Десять лет кряду Белл искал вирус, потенциально способный перевоплотиться в клеточное ядро. С открытием мимивируса он решил, что искомое обретено: мимивирус, как он уверен, и есть недостающее звено эволюции. И все-таки это представление спорно, потому что путь вирусов не стал магистральным в эволюционной «технологии». Их никогда не считали живыми, так как же они могут вписаться в историю жизни? В конце концов, всякий вирус нуждается в хозяине, которого сможет «оседлать». Они всего лишь репликоны: изолированные молекулы ДНК, чья единственная функция — самокопирование. Так что дискуссия продолжается. Тем временем для большинства биологов мимивирус остается всего лишь занятной аномалией.
Однако некоторые коллеги возражают им с энтузиазмом. Например, директор Центра вирусных исследований в Калифорнийском университете Луис Вильярреаль считает вирусы «главным источником генетических новаций в мире» и наиболее вероятными прародителями земной жизни. Большая часть человеческого генома, по его мнению, имеет вирусное происхождение, и ему вовсе не кажется натянутым предположение, что последний универсальный общий предок был кем-то наподобие вируса.

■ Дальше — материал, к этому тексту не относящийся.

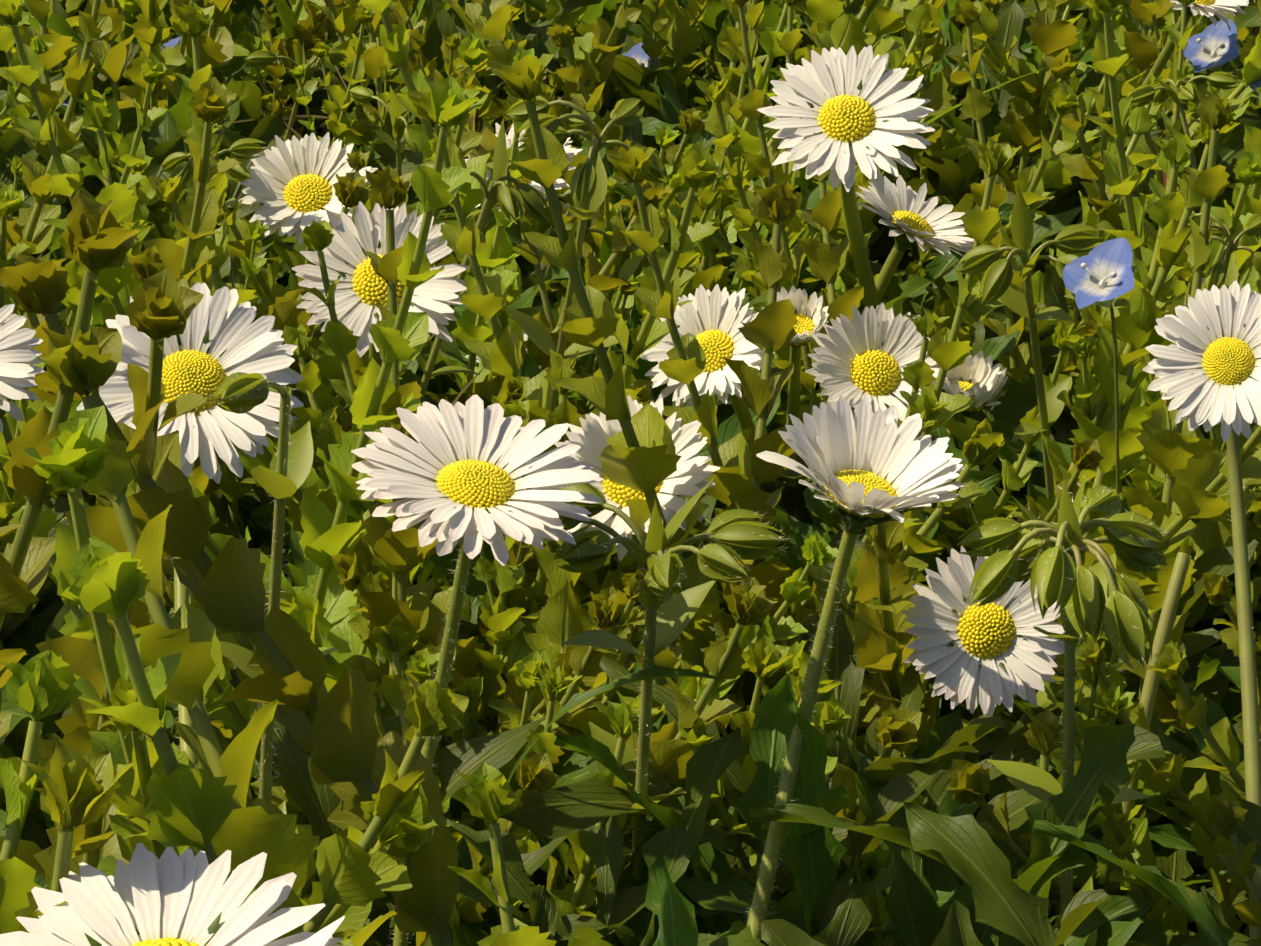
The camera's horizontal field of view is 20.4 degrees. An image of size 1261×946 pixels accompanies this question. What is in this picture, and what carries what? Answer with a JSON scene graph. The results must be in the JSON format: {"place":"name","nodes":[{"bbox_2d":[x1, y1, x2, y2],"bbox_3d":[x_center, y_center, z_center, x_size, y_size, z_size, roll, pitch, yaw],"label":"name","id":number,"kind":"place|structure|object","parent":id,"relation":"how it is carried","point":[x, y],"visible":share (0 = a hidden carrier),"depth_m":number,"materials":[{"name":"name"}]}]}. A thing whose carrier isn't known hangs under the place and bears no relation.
{"place":"outdoors","nodes":[
{"label":"outdoors","id":0,"kind":"place"},
{"bbox_2d":[555,395,719,560],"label":"daisy","id":1,"kind":"object","parent":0,"point":[690,475],"visible":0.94,"depth_m":0.39,"materials":[{"name":"white plant"}]},
{"bbox_2d":[64,0,1248,936],"bbox_3d":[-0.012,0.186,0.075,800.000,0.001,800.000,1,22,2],"label":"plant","id":2,"kind":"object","parent":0,"point":[1021,492],"depth_m":0.49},
{"bbox_2d":[0,304,44,431],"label":"daisy","id":3,"kind":"object","parent":2,"relation":"on","point":[17,371],"visible":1,"depth_m":0.37,"materials":[{"name":"white plant"}]},
{"bbox_2d":[0,843,344,945],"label":"daisy","id":4,"kind":"object","parent":2,"relation":"on","point":[169,897],"visible":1,"depth_m":0.21,"materials":[{"name":"white plant"}]},
{"bbox_2d":[76,282,303,853],"bbox_3d":[-0.044,0.032,0.336,0.034,0.091,0.084,1,22,2],"label":"daisy","id":5,"kind":"object","parent":2,"relation":"on","point":[213,346],"depth_m":0.35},
{"bbox_2d":[212,371,340,813],"bbox_3d":[-0.034,0.028,0.321,0.013,0.084,0.018,15,26,32],"label":"bud","id":6,"kind":"object","parent":2,"relation":"on","point":[282,479],"visible":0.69,"depth_m":0.31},
{"bbox_2d":[285,100,305,133],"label":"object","id":7,"kind":"object","parent":2,"relation":"on","point":[301,110],"visible":0.1,"depth_m":0.66,"materials":[{"name":"green plant"}]},
{"bbox_2d":[450,677,483,817],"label":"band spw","id":8,"kind":"object","parent":2,"relation":"on","point":[471,688],"visible":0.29,"depth_m":0.38,"materials":[{"name":"green plant"}]},
{"bbox_2d":[351,395,603,945],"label":"daisy","id":9,"kind":"object","parent":2,"relation":"on","point":[450,478],"depth_m":0.32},
{"bbox_2d":[408,782,684,943],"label":"leaves","id":10,"kind":"object","parent":2,"relation":"on","point":[648,817],"visible":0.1,"depth_m":0.36,"materials":[{"name":"green plant"}]},
{"bbox_2d":[460,676,689,943],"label":"leaves","id":11,"kind":"object","parent":2,"relation":"on","point":[682,682],"visible":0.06,"depth_m":0.38,"materials":[{"name":"green plant"}]},
{"bbox_2d":[617,561,683,945],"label":"leafy plant","id":12,"kind":"object","parent":11,"relation":"on","point":[670,656],"visible":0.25,"depth_m":0.37,"materials":[{"name":"green plant"}]},
{"bbox_2d":[530,606,644,882],"bbox_3d":[-0.010,0.047,0.377,0.034,0.063,0.012,-16,27,-34],"label":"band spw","id":13,"kind":"object","parent":2,"relation":"on","point":[598,718],"visible":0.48,"depth_m":0.38,"materials":[{"name":"green plant"}]},
{"bbox_2d":[414,727,764,945],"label":"leaves","id":14,"kind":"object","parent":2,"relation":"on","point":[707,765],"visible":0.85,"depth_m":0.33,"materials":[{"name":"green plant"}]},
{"bbox_2d":[450,785,732,885],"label":"leaves","id":15,"kind":"object","parent":2,"relation":"on","point":[460,794],"visible":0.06,"depth_m":0.37,"materials":[{"name":"green plant"}]},
{"bbox_2d":[0,21,1188,576],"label":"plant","id":16,"kind":"object","parent":2,"relation":"on","point":[346,429],"visible":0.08,"depth_m":0.54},
{"bbox_2d":[602,0,637,112],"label":"stem","id":17,"kind":"object","parent":2,"relation":"on","point":[609,94],"visible":0.42,"depth_m":0.66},
{"bbox_2d":[0,0,1260,945],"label":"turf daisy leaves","id":18,"kind":"object","parent":2,"relation":"on","point":[1212,672],"visible":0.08,"depth_m":0.52,"materials":[{"name":"green plant"}]},
{"bbox_2d":[0,715,545,898],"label":"leaf","id":19,"kind":"object","parent":18,"relation":"on","point":[469,756],"visible":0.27,"depth_m":0.35,"materials":[{"name":"green plant"}]},
{"bbox_2d":[238,132,377,407],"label":"daisy","id":20,"kind":"object","parent":18,"relation":"on","point":[290,186],"depth_m":0.50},
{"bbox_2d":[296,572,391,890],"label":"leafy plant","id":21,"kind":"object","parent":18,"relation":"on","point":[382,579],"visible":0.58,"depth_m":0.39,"materials":[{"name":"green plant"}]},
{"bbox_2d":[292,201,469,426],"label":"daisy","id":22,"kind":"object","parent":18,"relation":"on","point":[361,290],"depth_m":0.44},
{"bbox_2d":[374,614,462,937],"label":"leafy plant","id":23,"kind":"object","parent":18,"relation":"on","point":[397,688],"visible":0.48,"depth_m":0.35,"materials":[{"name":"green plant"}]},
{"bbox_2d":[385,641,455,731],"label":"leafy plant","id":24,"kind":"object","parent":18,"relation":"on","point":[430,646],"visible":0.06,"depth_m":0.38,"materials":[{"name":"green plant"}]},
{"bbox_2d":[256,702,620,945],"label":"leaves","id":25,"kind":"object","parent":18,"relation":"on","point":[314,801],"visible":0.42,"depth_m":0.35,"materials":[{"name":"green plant"}]},
{"bbox_2d":[367,777,586,918],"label":"leaf","id":26,"kind":"object","parent":18,"relation":"on","point":[559,782],"visible":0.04,"depth_m":0.37,"materials":[{"name":"green plant"}]},
{"bbox_2d":[416,753,561,945],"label":"leafy plant","id":27,"kind":"object","parent":18,"relation":"on","point":[535,772],"visible":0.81,"depth_m":0.34,"materials":[{"name":"green plant"}]},
{"bbox_2d":[508,664,725,781],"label":"leaf","id":28,"kind":"object","parent":27,"relation":"on","point":[654,671],"visible":0.98,"depth_m":0.33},
{"bbox_2d":[304,636,734,879],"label":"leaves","id":29,"kind":"object","parent":18,"relation":"on","point":[457,808],"visible":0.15,"depth_m":0.39,"materials":[{"name":"green plant"}]},
{"bbox_2d":[483,648,557,829],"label":"leafy plant","id":30,"kind":"object","parent":18,"relation":"on","point":[526,675],"visible":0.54,"depth_m":0.35,"materials":[{"name":"green plant"}]},
{"bbox_2d":[464,123,582,359],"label":"daisy","id":31,"kind":"object","parent":18,"relation":"on","point":[559,183],"depth_m":0.54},
{"bbox_2d":[484,664,581,934],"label":"leafy plant","id":32,"kind":"object","parent":18,"relation":"on","point":[553,683],"visible":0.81,"depth_m":0.35,"materials":[{"name":"green plant"}]},
{"bbox_2d":[521,885,558,939],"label":"leaf","id":33,"kind":"object","parent":18,"relation":"on","point":[542,914],"visible":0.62,"depth_m":0.33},
{"bbox_2d":[452,586,633,830],"bbox_3d":[-0.015,0.041,0.381,0.029,0.059,0.012,-11,25,-25],"label":"leafy plant","id":34,"kind":"object","parent":18,"relation":"on","point":[584,661],"visible":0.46,"depth_m":0.37,"materials":[{"name":"green plant"}]},
{"bbox_2d":[377,740,723,942],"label":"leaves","id":35,"kind":"object","parent":18,"relation":"on","point":[629,903],"visible":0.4,"depth_m":0.34,"materials":[{"name":"green plant"}]},
{"bbox_2d":[497,569,644,737],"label":"leafy plant","id":36,"kind":"object","parent":18,"relation":"on","point":[622,607],"visible":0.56,"depth_m":0.38,"materials":[{"name":"green plant"}]},
{"bbox_2d":[296,781,854,945],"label":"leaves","id":37,"kind":"object","parent":18,"relation":"on","point":[842,836],"visible":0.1,"depth_m":0.36,"materials":[{"name":"green plant"}]},
{"bbox_2d":[343,655,458,860],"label":"leafy plant","id":38,"kind":"object","parent":37,"relation":"on","point":[371,669],"visible":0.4,"depth_m":0.35,"materials":[{"name":"green plant"}]},
{"bbox_2d":[406,648,457,825],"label":"leafy plant","id":39,"kind":"object","parent":37,"relation":"on","point":[421,667],"visible":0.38,"depth_m":0.35,"materials":[{"name":"green plant"}]},
{"bbox_2d":[550,691,657,918],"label":"leafy plant","id":40,"kind":"object","parent":18,"relation":"on","point":[579,897],"visible":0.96,"depth_m":0.34,"materials":[{"name":"green plant"}]},
{"bbox_2d":[525,832,710,911],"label":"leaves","id":41,"kind":"object","parent":18,"relation":"on","point":[559,853],"visible":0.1,"depth_m":0.37,"materials":[{"name":"green plant"}]},
{"bbox_2d":[644,855,697,945],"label":"leaf","id":42,"kind":"object","parent":18,"relation":"on","point":[669,905],"visible":0.98,"depth_m":0.32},
{"bbox_2d":[553,477,792,879],"bbox_3d":[0.003,0.039,0.340,0.026,0.082,0.026,-8,23,-19],"label":"flower bud plant","id":43,"kind":"object","parent":18,"relation":"on","point":[738,534],"visible":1,"depth_m":0.33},
{"bbox_2d":[679,719,777,907],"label":"leafy plant","id":44,"kind":"object","parent":18,"relation":"on","point":[695,737],"visible":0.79,"depth_m":0.35,"materials":[{"name":"green plant"}]},
{"bbox_2d":[554,675,985,936],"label":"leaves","id":45,"kind":"object","parent":18,"relation":"on","point":[768,748],"visible":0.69,"depth_m":0.34,"materials":[{"name":"green plant"}]},
{"bbox_2d":[761,919,825,945],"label":"leaf","id":46,"kind":"object","parent":18,"relation":"on","point":[778,932],"visible":0.95,"depth_m":0.30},
{"bbox_2d":[734,592,865,771],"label":"leafy plant","id":47,"kind":"object","parent":18,"relation":"on","point":[860,742],"visible":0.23,"depth_m":0.38,"materials":[{"name":"green plant"}]},
{"bbox_2d":[760,676,847,936],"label":"leaf","id":48,"kind":"object","parent":18,"relation":"on","point":[819,852],"visible":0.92,"depth_m":0.33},
{"bbox_2d":[782,640,834,774],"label":"leafy plant","id":49,"kind":"object","parent":18,"relation":"on","point":[791,665],"visible":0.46,"depth_m":0.37,"materials":[{"name":"green plant"}]},
{"bbox_2d":[500,527,1165,928],"bbox_3d":[0.014,0.032,0.348,0.062,0.034,0.058,-15,26,-32],"label":"plant","id":50,"kind":"object","parent":18,"relation":"on","point":[562,811],"visible":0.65,"depth_m":0.35,"materials":[{"name":"green plant"}]},
{"bbox_2d":[818,898,871,945],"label":"leaf","id":51,"kind":"object","parent":18,"relation":"on","point":[848,925],"visible":0.9,"depth_m":0.31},
{"bbox_2d":[750,803,1064,945],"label":"leaf","id":52,"kind":"object","parent":18,"relation":"on","point":[795,812],"visible":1,"depth_m":0.32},
{"bbox_2d":[894,566,936,723],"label":"leafy plant","id":53,"kind":"object","parent":18,"relation":"on","point":[913,571],"visible":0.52,"depth_m":0.38,"materials":[{"name":"green plant"}]},
{"bbox_2d":[677,732,1154,945],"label":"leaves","id":54,"kind":"object","parent":18,"relation":"on","point":[912,896],"visible":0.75,"depth_m":0.33,"materials":[{"name":"green plant"}]},
{"bbox_2d":[931,900,983,945],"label":"leaf","id":55,"kind":"object","parent":18,"relation":"on","point":[957,929],"visible":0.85,"depth_m":0.31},
{"bbox_2d":[943,693,1014,732],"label":"leafy plant","id":56,"kind":"object","parent":18,"relation":"on","point":[996,730],"visible":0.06,"depth_m":0.40,"materials":[{"name":"green plant"}]},
{"bbox_2d":[903,802,1059,945],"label":"leaf","id":57,"kind":"object","parent":18,"relation":"on","point":[1004,902],"visible":1,"depth_m":0.31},
{"bbox_2d":[803,709,1249,945],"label":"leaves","id":58,"kind":"object","parent":18,"relation":"on","point":[1001,784],"visible":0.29,"depth_m":0.36,"materials":[{"name":"green plant"}]},
{"bbox_2d":[1007,709,1062,945],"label":"leafy plant","id":59,"kind":"object","parent":18,"relation":"on","point":[1043,734],"visible":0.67,"depth_m":0.35,"materials":[{"name":"green plant"}]},
{"bbox_2d":[946,759,1154,945],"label":"leafy plant","id":60,"kind":"object","parent":18,"relation":"on","point":[970,783],"visible":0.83,"depth_m":0.34,"materials":[{"name":"green plant"}]},
{"bbox_2d":[956,472,1167,945],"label":"buds","id":61,"kind":"object","parent":18,"relation":"on","point":[1105,595],"visible":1,"depth_m":0.32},
{"bbox_2d":[1054,889,1113,945],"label":"leaf","id":62,"kind":"object","parent":18,"relation":"on","point":[1081,907],"visible":0.96,"depth_m":0.31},
{"bbox_2d":[1051,662,1124,908],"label":"leafy plant","id":63,"kind":"object","parent":18,"relation":"on","point":[1090,675],"visible":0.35,"depth_m":0.38,"materials":[{"name":"green plant"}]},
{"bbox_2d":[1091,686,1161,896],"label":"leafy plant","id":64,"kind":"object","parent":18,"relation":"on","point":[1113,703],"visible":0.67,"depth_m":0.36,"materials":[{"name":"green plant"}]},
{"bbox_2d":[1032,820,1227,945],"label":"leaf","id":65,"kind":"object","parent":18,"relation":"on","point":[1189,902],"visible":0.96,"depth_m":0.32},
{"bbox_2d":[1147,640,1245,799],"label":"leafy plant","id":66,"kind":"object","parent":18,"relation":"on","point":[1221,742],"visible":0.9,"depth_m":0.35,"materials":[{"name":"green plant"}]},
{"bbox_2d":[1201,788,1260,945],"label":"leafy plant","id":67,"kind":"object","parent":18,"relation":"on","point":[1225,812],"visible":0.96,"depth_m":0.33,"materials":[{"name":"green plant"}]},
{"bbox_2d":[1216,795,1260,870],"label":"leaf","id":68,"kind":"object","parent":67,"relation":"on","point":[1248,830],"visible":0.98,"depth_m":0.33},
{"bbox_2d":[1203,573,1260,670],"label":"leafy plant","id":69,"kind":"object","parent":18,"relation":"on","point":[1218,589],"visible":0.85,"depth_m":0.36,"materials":[{"name":"green plant"}]},
{"bbox_2d":[1242,651,1260,734],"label":"leafy plant","id":70,"kind":"object","parent":18,"relation":"on","point":[1258,662],"visible":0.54,"depth_m":0.37,"materials":[{"name":"green plant"}]},
{"bbox_2d":[0,0,1260,945],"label":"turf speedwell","id":71,"kind":"object","parent":2,"relation":"on","point":[123,660],"visible":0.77,"depth_m":0.41,"materials":[{"name":"green plant"}]},
{"bbox_2d":[618,42,674,141],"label":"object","id":72,"kind":"object","parent":2,"relation":"on","point":[638,54],"visible":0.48,"depth_m":0.66,"materials":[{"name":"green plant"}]},
{"bbox_2d":[521,577,777,915],"bbox_3d":[-0.001,0.040,0.352,0.031,0.062,0.013,-11,24,-25],"label":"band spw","id":73,"kind":"object","parent":2,"relation":"on","point":[671,753],"visible":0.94,"depth_m":0.34,"materials":[{"name":"green plant"}]},
{"bbox_2d":[56,1,1260,588],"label":"chickweed","id":74,"kind":"object","parent":2,"relation":"on","point":[584,193],"visible":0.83,"depth_m":0.44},
{"bbox_2d":[624,694,709,841],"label":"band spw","id":75,"kind":"object","parent":2,"relation":"on","point":[636,703],"visible":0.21,"depth_m":0.36,"materials":[{"name":"green plant"}]},
{"bbox_2d":[377,0,1047,306],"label":"turf grass","id":76,"kind":"structure","parent":2,"relation":"on","point":[764,230],"depth_m":0.64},
{"bbox_2d":[488,650,1007,868],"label":"leaves","id":77,"kind":"object","parent":2,"relation":"on","point":[988,742],"visible":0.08,"depth_m":0.38,"materials":[{"name":"green plant"}]},
{"bbox_2d":[716,635,793,819],"bbox_3d":[0.005,0.056,0.384,0.022,0.084,0.011,-5,22,-11],"label":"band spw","id":78,"kind":"object","parent":2,"relation":"on","point":[766,659],"visible":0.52,"depth_m":0.37,"materials":[{"name":"green plant"}]},
{"bbox_2d":[736,652,841,867],"bbox_3d":[0.008,0.058,0.367,0.026,0.083,0.011,-3,22,-7],"label":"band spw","id":79,"kind":"object","parent":2,"relation":"on","point":[826,689],"visible":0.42,"depth_m":0.35,"materials":[{"name":"green plant"}]},
{"bbox_2d":[761,286,828,485],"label":"daisy","id":80,"kind":"object","parent":2,"relation":"on","point":[811,317],"depth_m":0.46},
{"bbox_2d":[680,796,959,945],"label":"grass tuft","id":81,"kind":"object","parent":2,"relation":"on","point":[938,875],"visible":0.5,"depth_m":0.34,"materials":[{"name":"green plant"}]},
{"bbox_2d":[811,695,851,781],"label":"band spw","id":82,"kind":"object","parent":2,"relation":"on","point":[830,715],"visible":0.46,"depth_m":0.36,"materials":[{"name":"green plant"}]},
{"bbox_2d":[757,45,934,308],"bbox_3d":[0.028,-0.020,0.473,0.026,0.084,0.042,1,22,2],"label":"daisy","id":83,"kind":"object","parent":2,"relation":"on","point":[833,108],"depth_m":0.45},
{"bbox_2d":[778,704,921,897],"bbox_3d":[0.019,0.048,0.367,0.030,0.061,0.012,16,27,35],"label":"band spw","id":84,"kind":"object","parent":2,"relation":"on","point":[895,728],"visible":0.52,"depth_m":0.35,"materials":[{"name":"green plant"}]},
{"bbox_2d":[841,849,893,945],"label":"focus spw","id":85,"kind":"object","parent":2,"relation":"on","point":[869,868],"visible":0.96,"depth_m":0.33,"materials":[{"name":"green plant"}]},
{"bbox_2d":[706,676,1055,820],"bbox_3d":[0.024,0.038,0.399,0.050,0.037,0.053,4,22,9],"label":"grass tuft","id":86,"kind":"object","parent":2,"relation":"on","point":[712,812],"visible":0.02,"depth_m":0.38,"materials":[{"name":"green plant"}]},
{"bbox_2d":[856,175,973,314],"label":"daisy","id":87,"kind":"object","parent":2,"relation":"on","point":[911,216],"depth_m":0.49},
{"bbox_2d":[901,136,1021,516],"bbox_3d":[0.035,0.003,0.435,0.011,0.090,0.024,19,29,39],"label":"leafy stem","id":88,"kind":"object","parent":2,"relation":"on","point":[947,350],"visible":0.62,"depth_m":0.43,"materials":[{"name":"green plant"}]},
{"bbox_2d":[935,320,1083,561],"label":"leafy stem","id":89,"kind":"object","parent":2,"relation":"on","point":[990,503],"visible":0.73,"depth_m":0.44,"materials":[{"name":"green plant"}]},
{"bbox_2d":[1043,621,1088,923],"bbox_3d":[0.047,0.053,0.380,0.010,0.072,0.029,2,22,6],"label":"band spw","id":90,"kind":"object","parent":2,"relation":"on","point":[1055,756],"visible":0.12,"depth_m":0.38,"materials":[{"name":"green plant"}]},
{"bbox_2d":[1063,237,1137,513],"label":"flower","id":91,"kind":"object","parent":2,"relation":"on","point":[1101,275],"visible":0.96,"depth_m":0.40,"materials":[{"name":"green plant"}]},
{"bbox_2d":[1086,609,1154,725],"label":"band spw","id":92,"kind":"object","parent":2,"relation":"on","point":[1115,676],"visible":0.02,"depth_m":0.41,"materials":[{"name":"green plant"}]},
{"bbox_2d":[1048,798,1248,945],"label":"grass tuft","id":93,"kind":"object","parent":2,"relation":"on","point":[1177,940],"visible":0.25,"depth_m":0.37,"materials":[{"name":"green plant"}]},
{"bbox_2d":[1075,636,1248,934],"bbox_3d":[0.059,0.041,0.369,0.028,0.052,0.010,4,22,11],"label":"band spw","id":94,"kind":"object","parent":2,"relation":"on","point":[1160,774],"visible":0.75,"depth_m":0.36,"materials":[{"name":"green plant"}]},
{"bbox_2d":[1078,0,1248,222],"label":"daisy","id":95,"kind":"object","parent":2,"relation":"on","point":[1208,8],"depth_m":0.56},
{"bbox_2d":[1119,577,1219,774],"bbox_3d":[0.066,0.037,0.402,0.029,0.058,0.012,-14,26,-31],"label":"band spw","id":96,"kind":"object","parent":2,"relation":"on","point":[1166,709],"visible":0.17,"depth_m":0.40,"materials":[{"name":"green plant"}]},
{"bbox_2d":[1183,19,1240,72],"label":"flower","id":97,"kind":"object","parent":2,"relation":"on","point":[1213,47],"visible":0.85,"depth_m":0.62,"materials":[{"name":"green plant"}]},
{"bbox_2d":[1187,725,1260,936],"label":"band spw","id":98,"kind":"object","parent":2,"relation":"on","point":[1227,891],"visible":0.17,"depth_m":0.37,"materials":[{"name":"green plant"}]},
{"bbox_2d":[640,284,773,491],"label":"daisy","id":99,"kind":"object","parent":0,"point":[709,321],"depth_m":0.45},
{"bbox_2d":[741,396,964,942],"bbox_3d":[0.017,0.038,0.323,0.033,0.088,0.048,1,22,2],"label":"daisy","id":100,"kind":"object","parent":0,"point":[867,466],"depth_m":0.32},
{"bbox_2d":[794,303,947,517],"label":"daisy","id":101,"kind":"object","parent":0,"point":[871,352],"depth_m":0.45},
{"bbox_2d":[810,715,1008,936],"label":"leaf","id":102,"kind":"object","parent":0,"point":[909,786],"visible":0.88,"depth_m":0.33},
{"bbox_2d":[945,350,1007,443],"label":"daisy","id":103,"kind":"object","parent":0,"point":[980,379],"depth_m":0.47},
{"bbox_2d":[902,546,1064,761],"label":"daisy","id":104,"kind":"object","parent":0,"point":[988,656],"depth_m":0.35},
{"bbox_2d":[1004,724,1135,945],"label":"leaf","id":105,"kind":"object","parent":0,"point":[1104,754],"visible":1,"depth_m":0.32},
{"bbox_2d":[1103,552,1191,894],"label":"pale stem","id":106,"kind":"object","parent":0,"point":[1166,622],"visible":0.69,"depth_m":0.37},
{"bbox_2d":[1143,281,1260,939],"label":"daisy","id":107,"kind":"object","parent":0,"point":[1206,369],"depth_m":0.34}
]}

Открытие мимивируса с его неожиданными, отнюдь не вирусными свойствами лишь помогло укрепить взгляд Вильярреаля, а ведь наука только поскребла поверхность; гигантских вирусов, надо полагать, будет еще обнаружено целое множество. В последние годы пионер расшифровки человеческого генома Крейг Вентер искал корни жизни, пересекая океан: через каждые несколько сот миль он брал пробы воды и исследовал генетический материал. Кругосветное плавание на тридцатиметровой яхте по имени «Волшебник-2» вряд ли можно отнести к традиционным методам полевой биологии, но результат получился ошеломляющий. В Саргассовом море у Бермудских островов экспедиция Вентера нашла более 1800 новых видов флоры и фауны, а также свыше 1,2 миллиона новых генов; количество известных науке генов выросло сразу десятикратно. И в каждой порции морской воды — если можно так назвать двухсотлитровый контейнер — находились миллионы незнакомых вирусов.